- Chengbei Town Location in Guangxi
- Coordinates: 24°56′20″N 111°14′40″E﻿ / ﻿24.93889°N 111.24444°E
- Country: People's Republic of China
- Autonomous Region: Guangxi
- Prefecture-level city: Hezhou
- Autonomous county: Fuchuan Yao Autonomous County

Area
- • Total: 120 km^{2} (50 sq mi)

Population (2018)
- • Total: 21,125
- • Density: 180/km^{2} (460/sq mi)
- Time zone: UTC+08:00 (China Standard)
- Postal code: 542701
- Area code: 0774

= Chengbei, Fuchuan County =

Chengbei (城北镇 (城北鎮, Chéngběi Zhèn)) is a town in Fuchuan Yao Autonomous County, Guangxi, China. As of the 2018 census it had a population of 21,125 and an area of 120 km2.

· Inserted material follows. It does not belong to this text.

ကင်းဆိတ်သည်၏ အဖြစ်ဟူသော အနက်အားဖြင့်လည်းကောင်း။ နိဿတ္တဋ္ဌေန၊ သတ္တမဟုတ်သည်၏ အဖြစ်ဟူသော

==Administrative division==
As of 2016, the town is divided into eleven villages and one community:
- Chengbei Community (城北社区)
- Chengbei (城北村)
- Liuhe (六合村)
- Mashan (马山村)
- Shishi (石狮村)
- Liayuan (俩源村)
- Siyuan (泗源村)
- Weifeng (巍峰村)
- Xinzhai (新寨村)
- Ailing (矮岭村)
- Fengling (凤岭村)
- Limugang (栗木岗村)

==History==
In ancient China, it belonged to Fengsheng (冯乘) and Fu Zhou (富州). In the Ming dynasty (1368-1644), it came under the jurisdiction of Jiudu (九都). In the Qing dynasty (1644-1911), it was under the jurisdiction of Mashantuan (马山团). In the Republic of China, it belonged to Chaodong District (朝东区).

==Geography==
The town lies at northwestern Fuchuan Yao Autonomous County, bordering Gongcheng Yao Autonomous County to the west, Chaodong Town and Jiangyong County to the north, and Gepo Town to the east.

The Fuchuan River flows north to south through the town.

==Economy==
The local economy is primarily based upon agriculture. The main crops of the town are grains, followed by tobacco and vegetables.

==Tourist attractions==
The Fengxi Yao Village (凤溪瑶寨) is major touristic destination for locals and foreigners.

The Chuanyan Karst Cave (川岩溶洞) is a famous scenic spot in the town.

The town has two ancient bridges, the Chaoyang Wind-rain Bridge (朝阳风雨桥) and Fushou Wind-rain Bridge (福寿风雨桥), both were built in the Ming dynasty (1368-1644).

==Transportation==
The S13 Zhongshan County-Fuchuan County Expressway passes through the western town.